第78章 「嫂嫂吹吹就不疼了。」(2/2)
屋內炭火烧得极旺。
沈琼琚净了手,拿著剪刀小心翼翼地剪开裴知晦胸前的纱布。
纱布有些地方和血肉粘连在一起,撕开时必然极痛。
可裴知晦一声不吭。他赤著上身,精瘦的胸膛隨著呼吸微微起伏。
那道从左肩一直延伸到肋下的刀口,狰狞可怖,皮肉翻卷,虽已结痂,看著仍让人心惊肉跳。

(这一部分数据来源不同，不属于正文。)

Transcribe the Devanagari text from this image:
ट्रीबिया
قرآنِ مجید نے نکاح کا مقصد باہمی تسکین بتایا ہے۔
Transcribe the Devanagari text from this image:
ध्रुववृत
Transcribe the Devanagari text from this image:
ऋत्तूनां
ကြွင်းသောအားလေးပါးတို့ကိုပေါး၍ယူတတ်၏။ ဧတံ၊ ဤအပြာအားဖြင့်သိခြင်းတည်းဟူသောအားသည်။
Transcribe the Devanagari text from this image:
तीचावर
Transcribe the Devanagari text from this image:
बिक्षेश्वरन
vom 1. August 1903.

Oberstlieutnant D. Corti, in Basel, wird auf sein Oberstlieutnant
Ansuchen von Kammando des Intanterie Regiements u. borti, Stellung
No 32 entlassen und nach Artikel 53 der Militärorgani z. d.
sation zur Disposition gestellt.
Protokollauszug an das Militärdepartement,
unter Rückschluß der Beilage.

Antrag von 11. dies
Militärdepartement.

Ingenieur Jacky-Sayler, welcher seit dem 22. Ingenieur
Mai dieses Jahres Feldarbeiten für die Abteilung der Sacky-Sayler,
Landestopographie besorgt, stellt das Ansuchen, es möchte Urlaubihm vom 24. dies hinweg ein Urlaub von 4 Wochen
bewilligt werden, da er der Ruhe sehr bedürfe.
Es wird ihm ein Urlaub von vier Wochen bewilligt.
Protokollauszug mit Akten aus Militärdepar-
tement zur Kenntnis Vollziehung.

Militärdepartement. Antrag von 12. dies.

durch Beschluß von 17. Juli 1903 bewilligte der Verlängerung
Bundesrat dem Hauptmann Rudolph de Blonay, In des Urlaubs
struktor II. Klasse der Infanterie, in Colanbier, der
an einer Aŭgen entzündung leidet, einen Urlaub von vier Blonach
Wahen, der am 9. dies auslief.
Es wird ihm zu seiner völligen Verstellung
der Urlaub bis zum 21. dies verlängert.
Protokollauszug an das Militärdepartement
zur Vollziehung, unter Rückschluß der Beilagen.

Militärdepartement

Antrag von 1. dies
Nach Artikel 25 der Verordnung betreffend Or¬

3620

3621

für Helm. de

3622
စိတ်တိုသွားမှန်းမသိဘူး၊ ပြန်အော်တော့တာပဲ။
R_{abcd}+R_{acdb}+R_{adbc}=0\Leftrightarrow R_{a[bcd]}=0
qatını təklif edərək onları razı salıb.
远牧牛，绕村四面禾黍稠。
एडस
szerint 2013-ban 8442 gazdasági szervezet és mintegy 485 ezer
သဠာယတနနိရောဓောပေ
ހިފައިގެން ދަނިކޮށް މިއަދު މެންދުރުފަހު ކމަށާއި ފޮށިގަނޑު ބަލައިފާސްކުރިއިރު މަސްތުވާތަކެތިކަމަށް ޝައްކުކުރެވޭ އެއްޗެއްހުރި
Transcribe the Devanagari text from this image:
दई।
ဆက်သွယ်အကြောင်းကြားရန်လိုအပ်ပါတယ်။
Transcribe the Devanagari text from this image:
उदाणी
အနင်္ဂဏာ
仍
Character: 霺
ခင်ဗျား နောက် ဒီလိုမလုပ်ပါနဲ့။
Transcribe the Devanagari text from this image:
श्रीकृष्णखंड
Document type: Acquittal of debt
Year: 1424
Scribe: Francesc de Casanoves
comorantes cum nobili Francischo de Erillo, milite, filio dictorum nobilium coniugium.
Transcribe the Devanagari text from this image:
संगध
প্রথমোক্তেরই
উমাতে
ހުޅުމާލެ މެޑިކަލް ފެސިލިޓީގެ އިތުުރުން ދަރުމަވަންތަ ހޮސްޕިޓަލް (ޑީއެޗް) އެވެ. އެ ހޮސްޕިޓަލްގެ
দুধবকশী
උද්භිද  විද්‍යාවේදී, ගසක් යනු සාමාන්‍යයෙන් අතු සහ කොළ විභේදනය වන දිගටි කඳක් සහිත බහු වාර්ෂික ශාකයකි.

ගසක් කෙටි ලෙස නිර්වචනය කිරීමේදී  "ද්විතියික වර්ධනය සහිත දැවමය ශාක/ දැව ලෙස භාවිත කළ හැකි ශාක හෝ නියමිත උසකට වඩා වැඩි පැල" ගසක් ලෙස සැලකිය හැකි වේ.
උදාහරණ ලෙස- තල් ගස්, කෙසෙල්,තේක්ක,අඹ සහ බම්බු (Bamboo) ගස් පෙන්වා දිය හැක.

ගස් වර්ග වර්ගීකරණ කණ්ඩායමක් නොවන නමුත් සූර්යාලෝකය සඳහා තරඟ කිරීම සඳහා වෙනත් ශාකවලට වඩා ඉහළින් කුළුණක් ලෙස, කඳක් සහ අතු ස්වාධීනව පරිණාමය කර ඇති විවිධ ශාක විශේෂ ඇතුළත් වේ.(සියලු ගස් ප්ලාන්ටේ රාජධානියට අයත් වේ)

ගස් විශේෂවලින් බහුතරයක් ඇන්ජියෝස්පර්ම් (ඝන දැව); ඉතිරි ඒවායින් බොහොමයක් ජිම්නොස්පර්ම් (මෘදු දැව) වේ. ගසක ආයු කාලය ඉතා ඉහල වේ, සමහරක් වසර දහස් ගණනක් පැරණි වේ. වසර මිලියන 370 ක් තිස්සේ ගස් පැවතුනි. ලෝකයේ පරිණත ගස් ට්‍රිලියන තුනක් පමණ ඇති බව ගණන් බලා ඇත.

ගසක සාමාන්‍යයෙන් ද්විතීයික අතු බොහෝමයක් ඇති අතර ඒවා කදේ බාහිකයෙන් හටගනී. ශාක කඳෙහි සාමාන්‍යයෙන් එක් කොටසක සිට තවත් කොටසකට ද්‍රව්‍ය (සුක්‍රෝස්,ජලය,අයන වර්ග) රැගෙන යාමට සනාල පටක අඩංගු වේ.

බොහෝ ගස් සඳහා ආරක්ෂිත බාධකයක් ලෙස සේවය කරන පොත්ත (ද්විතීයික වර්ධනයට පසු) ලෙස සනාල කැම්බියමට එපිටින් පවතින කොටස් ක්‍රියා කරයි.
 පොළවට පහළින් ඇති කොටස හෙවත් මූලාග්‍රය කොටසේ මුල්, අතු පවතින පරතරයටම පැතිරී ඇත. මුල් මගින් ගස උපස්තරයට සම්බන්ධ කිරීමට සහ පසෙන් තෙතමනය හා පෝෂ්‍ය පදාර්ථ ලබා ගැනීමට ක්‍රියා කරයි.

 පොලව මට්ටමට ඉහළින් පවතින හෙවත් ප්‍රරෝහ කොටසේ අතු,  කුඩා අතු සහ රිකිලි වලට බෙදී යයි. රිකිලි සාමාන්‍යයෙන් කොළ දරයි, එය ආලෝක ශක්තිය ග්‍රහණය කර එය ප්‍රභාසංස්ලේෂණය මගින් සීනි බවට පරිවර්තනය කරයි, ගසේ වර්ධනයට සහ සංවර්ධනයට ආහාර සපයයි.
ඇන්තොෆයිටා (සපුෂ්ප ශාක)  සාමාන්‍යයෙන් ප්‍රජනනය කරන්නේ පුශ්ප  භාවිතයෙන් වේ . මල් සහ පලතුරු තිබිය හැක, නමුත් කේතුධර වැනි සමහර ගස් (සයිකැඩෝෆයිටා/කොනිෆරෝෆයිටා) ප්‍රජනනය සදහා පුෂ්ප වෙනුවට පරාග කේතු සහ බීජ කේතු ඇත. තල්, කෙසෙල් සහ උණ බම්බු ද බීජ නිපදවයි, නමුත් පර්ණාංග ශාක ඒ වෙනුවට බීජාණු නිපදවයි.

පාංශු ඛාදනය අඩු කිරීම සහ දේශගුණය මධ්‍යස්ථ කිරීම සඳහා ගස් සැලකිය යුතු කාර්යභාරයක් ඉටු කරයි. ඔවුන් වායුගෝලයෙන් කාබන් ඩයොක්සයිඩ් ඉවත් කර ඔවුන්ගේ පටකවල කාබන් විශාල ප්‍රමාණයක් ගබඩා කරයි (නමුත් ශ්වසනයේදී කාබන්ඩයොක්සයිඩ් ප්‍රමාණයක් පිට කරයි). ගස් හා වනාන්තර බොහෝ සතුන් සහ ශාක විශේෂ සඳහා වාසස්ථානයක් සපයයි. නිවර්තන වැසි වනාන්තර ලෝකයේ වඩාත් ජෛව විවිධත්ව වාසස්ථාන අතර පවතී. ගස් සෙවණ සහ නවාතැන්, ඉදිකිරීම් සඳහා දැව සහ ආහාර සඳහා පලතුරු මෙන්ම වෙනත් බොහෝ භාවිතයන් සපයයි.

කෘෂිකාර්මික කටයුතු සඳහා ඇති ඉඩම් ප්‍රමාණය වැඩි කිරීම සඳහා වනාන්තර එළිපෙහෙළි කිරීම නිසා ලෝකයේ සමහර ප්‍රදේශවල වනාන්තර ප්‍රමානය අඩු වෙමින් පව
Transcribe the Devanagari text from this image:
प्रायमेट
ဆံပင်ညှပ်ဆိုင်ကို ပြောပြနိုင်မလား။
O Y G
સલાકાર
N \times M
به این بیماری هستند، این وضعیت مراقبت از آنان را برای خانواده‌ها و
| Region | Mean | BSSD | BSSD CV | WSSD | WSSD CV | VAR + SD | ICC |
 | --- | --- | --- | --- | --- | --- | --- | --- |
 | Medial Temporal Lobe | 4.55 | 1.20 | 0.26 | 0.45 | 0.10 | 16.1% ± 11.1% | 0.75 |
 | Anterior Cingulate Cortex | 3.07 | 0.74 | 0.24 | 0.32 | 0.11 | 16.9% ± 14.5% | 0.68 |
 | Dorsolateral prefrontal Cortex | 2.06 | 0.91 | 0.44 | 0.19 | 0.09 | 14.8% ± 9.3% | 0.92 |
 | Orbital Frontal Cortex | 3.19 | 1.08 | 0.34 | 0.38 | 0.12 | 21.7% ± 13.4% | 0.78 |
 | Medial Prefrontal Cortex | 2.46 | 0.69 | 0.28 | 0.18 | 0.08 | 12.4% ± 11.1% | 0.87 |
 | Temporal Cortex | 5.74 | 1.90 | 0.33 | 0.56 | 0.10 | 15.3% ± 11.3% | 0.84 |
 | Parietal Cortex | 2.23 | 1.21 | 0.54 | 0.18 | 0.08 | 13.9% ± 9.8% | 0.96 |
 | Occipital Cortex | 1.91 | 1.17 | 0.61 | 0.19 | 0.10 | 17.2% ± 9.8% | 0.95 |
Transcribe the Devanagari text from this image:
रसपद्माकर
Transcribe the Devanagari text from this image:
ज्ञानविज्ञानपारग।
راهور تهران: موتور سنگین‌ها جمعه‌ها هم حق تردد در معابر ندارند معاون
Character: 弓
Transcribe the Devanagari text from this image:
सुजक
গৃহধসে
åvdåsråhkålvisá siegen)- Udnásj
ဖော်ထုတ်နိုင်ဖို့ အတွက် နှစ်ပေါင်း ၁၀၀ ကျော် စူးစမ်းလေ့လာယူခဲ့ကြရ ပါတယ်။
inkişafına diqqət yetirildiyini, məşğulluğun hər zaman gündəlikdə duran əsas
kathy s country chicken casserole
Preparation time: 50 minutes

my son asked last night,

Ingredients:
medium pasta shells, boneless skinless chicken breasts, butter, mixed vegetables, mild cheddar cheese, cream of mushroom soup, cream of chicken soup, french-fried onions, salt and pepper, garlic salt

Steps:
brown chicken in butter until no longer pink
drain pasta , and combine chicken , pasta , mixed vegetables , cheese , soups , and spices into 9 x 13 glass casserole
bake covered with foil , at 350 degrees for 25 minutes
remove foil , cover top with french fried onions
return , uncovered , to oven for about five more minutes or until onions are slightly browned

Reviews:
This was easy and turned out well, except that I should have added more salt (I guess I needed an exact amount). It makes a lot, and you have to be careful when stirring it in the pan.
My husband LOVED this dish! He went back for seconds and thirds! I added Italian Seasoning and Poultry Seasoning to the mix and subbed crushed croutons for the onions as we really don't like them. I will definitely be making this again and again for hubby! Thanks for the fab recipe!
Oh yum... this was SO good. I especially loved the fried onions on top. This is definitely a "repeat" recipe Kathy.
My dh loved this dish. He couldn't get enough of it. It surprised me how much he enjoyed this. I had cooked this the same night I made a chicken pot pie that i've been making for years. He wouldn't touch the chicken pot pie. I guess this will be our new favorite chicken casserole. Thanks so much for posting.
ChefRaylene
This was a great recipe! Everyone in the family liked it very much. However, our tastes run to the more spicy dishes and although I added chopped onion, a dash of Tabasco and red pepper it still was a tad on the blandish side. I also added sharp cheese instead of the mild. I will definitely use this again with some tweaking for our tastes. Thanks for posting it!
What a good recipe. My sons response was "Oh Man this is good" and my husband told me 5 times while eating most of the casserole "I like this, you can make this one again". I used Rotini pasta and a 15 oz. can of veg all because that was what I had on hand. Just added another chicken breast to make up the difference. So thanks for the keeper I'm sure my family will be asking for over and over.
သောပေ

沈琼琚的手有些抖,她拿著蘸了药酒的棉球,一点点擦拭著伤口周围的血跡。
因为离得近,她的呼吸喷洒在他的皮肤上。
裴知晦的喉结剧烈滚动了一下。
他垂著眼,目光描摹著她低垂的眉眼。
她鼻尖上有一点细小的汗珠,嘴唇因为专注而微微抿著。
这种毫无防备的亲近,让他浑身的血液都在沸腾。
“疼吗”
沈琼琚察觉到他的肌肉紧绷,轻声问道。
“疼。”裴知晦盯著她的脖颈,声音暗哑,“嫂嫂吹吹就不疼了。”
沈琼琚动作一顿,抬头瞪了他一眼,却见他眼神清明,甚至带著几分无赖的笑意。
“我看你是伤得还不够重。”
她加重了手上的力道,將新的药膏抹上去。
裴知晦闷哼一声,嘴角却勾起一抹愉悦的弧度。
夜深人静,沈琼琚累极,在外间的榻上和衣睡下。
裴知晦躺在里间,听著她均匀的呼吸声,强撑著的精神终於鬆懈下来,沉沉睡去。
梦境如潮水般袭来,不是这几日的温馨,而是无边无际的黑暗与血腥。
金鑾殿上,他身著紫金蟒袍,脚下踩著无数人的尸骨。
权倾朝野,万人之上。
可那座空荡荡的相府里,冷得像个冰窖。
画面一转,是那间阴暗潮湿的水牢。
冰水没过胸口,那个曾经明艷动人的女子,此刻披头散髮,被铁链锁在水中央。
她的皮肤已经苍白得几乎透明。
裴知晦站在岸上,居高临下地看著她,眼神冷漠得像是在看一只螻蚁。
“裴知晦……”那个女人抬起头,声音嘶哑破碎,带著无尽的恨意。
“我诅咒你……永失所爱,孤独至死。”
“不……”
裴知晦想要开口解释,想要衝下去救她,可他的身体却不受控制。
他听见自己冷冷地吐出一个字:
“该死的是你。”
隨后,他亲手按下了机关。
水位暴涨,瞬间吞没了那个瘦弱的身影。
“不——!”
裴知晦猛地从梦中惊醒,整个人像是刚从水里捞出来一样。
剧烈的喘息声在寂静的夜里显得格外清晰,心臟像是被人狠狠攥住,疼得他几乎窒息。
那是前世的他,那是他亲手造下的孽。
外间的沈琼琚被动静惊醒,披著衣服匆匆跑进来。
“怎么了是不是伤口裂了”她端著烛台,焦急地走到床边。
烛光摇曳,照亮了裴知晦那张惨白如鬼魅的脸。
他满头冷汗,眼神空洞而惊恐,像是看到了什么极为可怕的东西。
“嫂嫂……”
裴知晦声音颤抖,猛地伸出手,死死抓住了她的手腕。
力道之大,捏得沈琼琚骨头生疼。
“我在。”沈琼琚放下烛台,想要查看他的伤势。
下一秒,她整个人被一股大力拽了过去。
裴知晦將头埋进她的怀里,浑身都在发抖。
“別走……別离开我……”
他的声音里带著从未有过的脆弱和恐惧,那是从灵魂深处渗出来的绝望。
沈琼琚愣住了,她从未见过这样的裴知晦。
即便是在面对千军万马,面对生死刀锋时,他也从未如此失態过。
“我不走。”
她迟疑了一下,抬起手,轻轻拍著他汗湿的后背,“只是个梦,醒了就好了。”
裴知晦没有说话,他听著她强有力的心跳声,感受著她鲜活的体温,胸腔才渐渐平復下来。
醒不了。
那个杀她的恶鬼,就住在他这具身体里。即便这是重来一世,那份罪孽也永远洗不清。